THE NEW York Times wants us to believe that the Bush administration's use of torture is an historical aberration, editorializing that torture is "abhorrent both to American law and values and international norms," and that former Attorney General Alberto Gonzales' authorizing of torture constitutes an "expansive endorsement of the harshest interrogation techniques ever used by the Central Intelligence Agency" ("The American way of torture," October 12).

All this is self-serving rubbish. Declassified School of the America training manuals reveal that the very same torture techniques--use of extreme temperatures, sensory and sleep deprivation, sensory overload, humiliation, and "stress positions"--were all taught to prospective police and military personnel from Latin America.
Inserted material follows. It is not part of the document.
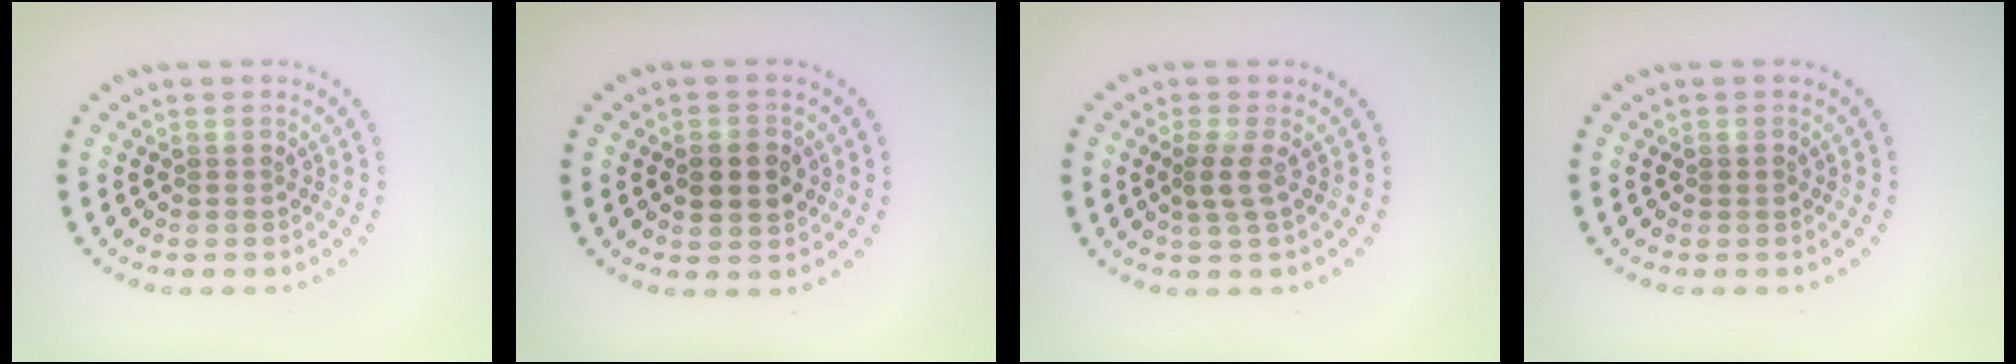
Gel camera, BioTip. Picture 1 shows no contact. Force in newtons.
{"total": 2.9, "press": 2.9, "slide": 0.2}
{"total": 1.5, "press": 1.2, "slide": 0.9}
{"total": 0.6, "press": 0.6, "slide": 0.1}

It is widely documented that systematic torture was used by U.S. forces both in the conquest of the Philippines (including "waterboarding") at the turn of the last century and in the invasion of Vietnam.

According to historian Alfred McCoy, the CIA's notorious Phoenix program in Vietnam had "agents...operating 40 interrogation centers in South Vietnam that killed more than 20,000 suspects and tortured thousands more." And then there is the long history of police and prison torture in the United States.

What makes this administration's approach a departure is less the practice of torture and more the brazenness of its support for it. What used to be denied is now almost proudly admitted--with the caveat that it isn't really torture.

September 11 did not "cause" a turn toward torture any more than it "caused" the United States to invade Iraq. It merely provided a pretext for the United States to pursue more openly and aggressively its imperial aims, of which torture plays a component part.

In our legitimate zeal to reveal the particular depravity of this administration, let us not overlook the fact that torture is an American ruling-class pastime.